Ingeborg Moeller se mezcló entonces en su conversación.
—¿Os habéis fijado si, al salir de la estación, anunciaban un tren suplementario? —preguntó.
—Sí —dijo Puck—. Un altavoz dijo que habría un tren suplementario una hora más tarde. Añadió que los viajeros que no cupieran en éste no tenían por qué preocuparse, ya que en el otro habría plazas para todo el mundo.
—¿Una hora después de éste, dices? —insistió Ingeborg Moeller.
—Sí, así lo han dicho.
—¡Oh, es terrible! —exclamó entonces la dama.
Puck la miró, muy sorprendida. ¿Qué significaba aquella exclamación de miedo?
—Esto significa que si la nieve nos bloqueara en el camino, el tren siguiente nos alcanzaría —prosiguió Ingeborg Moeller.
—Sí, es cierto —dijo Puck—. Pero no me parece que ello sea motivo de preocupación alguna.
Bruscamente le vino al pensamiento el que tal vez alguien persiguiera a aquella dama, alguien que podría haber tomado el tren siguiente. ¡Bah! ¿Por qué iba nadie a perseguirla? ¡Vaya idea estúpida que había tenido!
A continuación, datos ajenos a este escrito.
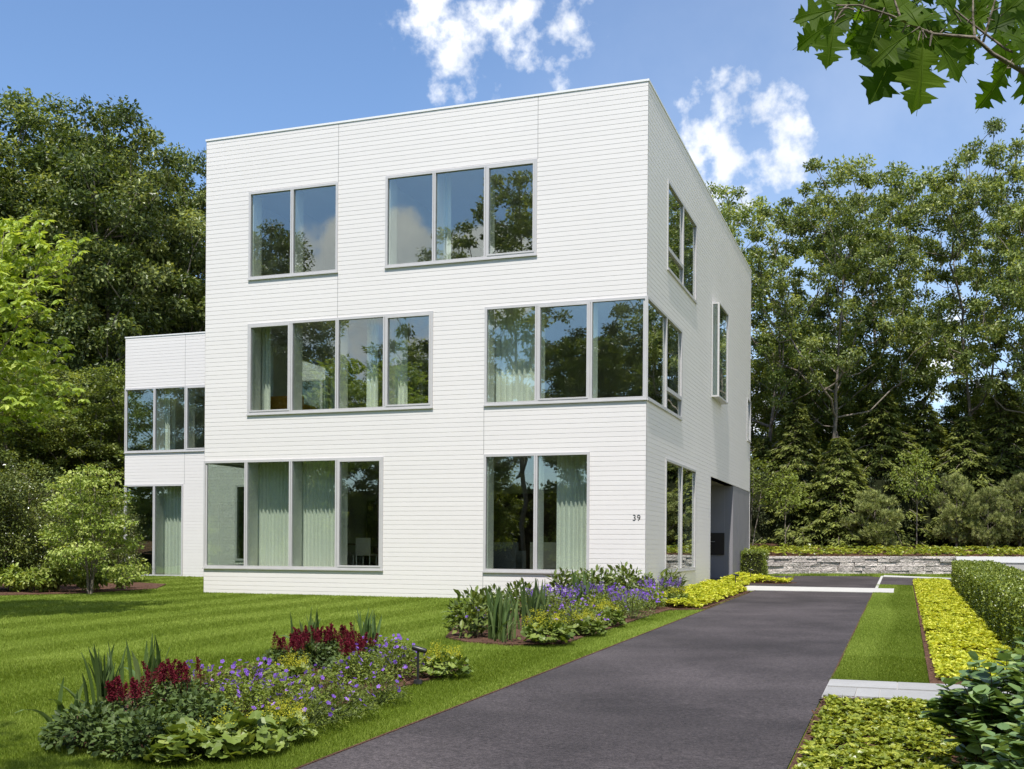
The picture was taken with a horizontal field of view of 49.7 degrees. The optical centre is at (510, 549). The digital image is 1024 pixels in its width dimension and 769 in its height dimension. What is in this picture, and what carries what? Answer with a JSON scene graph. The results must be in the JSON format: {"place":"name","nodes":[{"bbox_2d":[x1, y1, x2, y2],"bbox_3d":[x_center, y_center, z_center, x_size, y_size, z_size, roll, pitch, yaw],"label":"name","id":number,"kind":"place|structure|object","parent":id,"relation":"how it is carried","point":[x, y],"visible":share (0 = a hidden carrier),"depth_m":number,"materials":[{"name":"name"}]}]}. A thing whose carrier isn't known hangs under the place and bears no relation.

—Tal vez podamos organizar una excursión con esquíes, ¿no? —oyó cómo preguntaba Karen.
—Sí. Hay un bello bosque que desciende hasta el fiordo.
—Y ¿qué es lo que fabrica tu tío?
—Maquinaria agrícola. Lástima que no sea fabricante de…
—¡Fabricante de chocolate! —exclamó Navío.
Puck no pudo evitar una sonrisa. Navío era siempre deliciosamente espontánea.
El tren atravesaba el Fjaelland con una lentitud desesperante. Las muchachitas tenían la impresión de ir más despacio cada vez, pero quizá se tratase de una ilusión. Después llegaron a una nueva estación, y el tren se detuvo entre chirridos y crujidos.
Nuevos viajeros subieron al convoy; Hans levantó los ojos de la revista y dijo:
—Quiero un vaso de leche, tía Ingeborg. ¡En seguida!
—No creo que pueda conseguirlo aquí, queridito —dijo su tía.
—¿Quieres que baje yo en un minuto para averiguar si venden leche en la estación? —propuso Puck—. Lo haré con gusto…
Ingeborg Moeller se levantó.
—No, será mejor que vaya yo misma. Espera quietecito, Hans.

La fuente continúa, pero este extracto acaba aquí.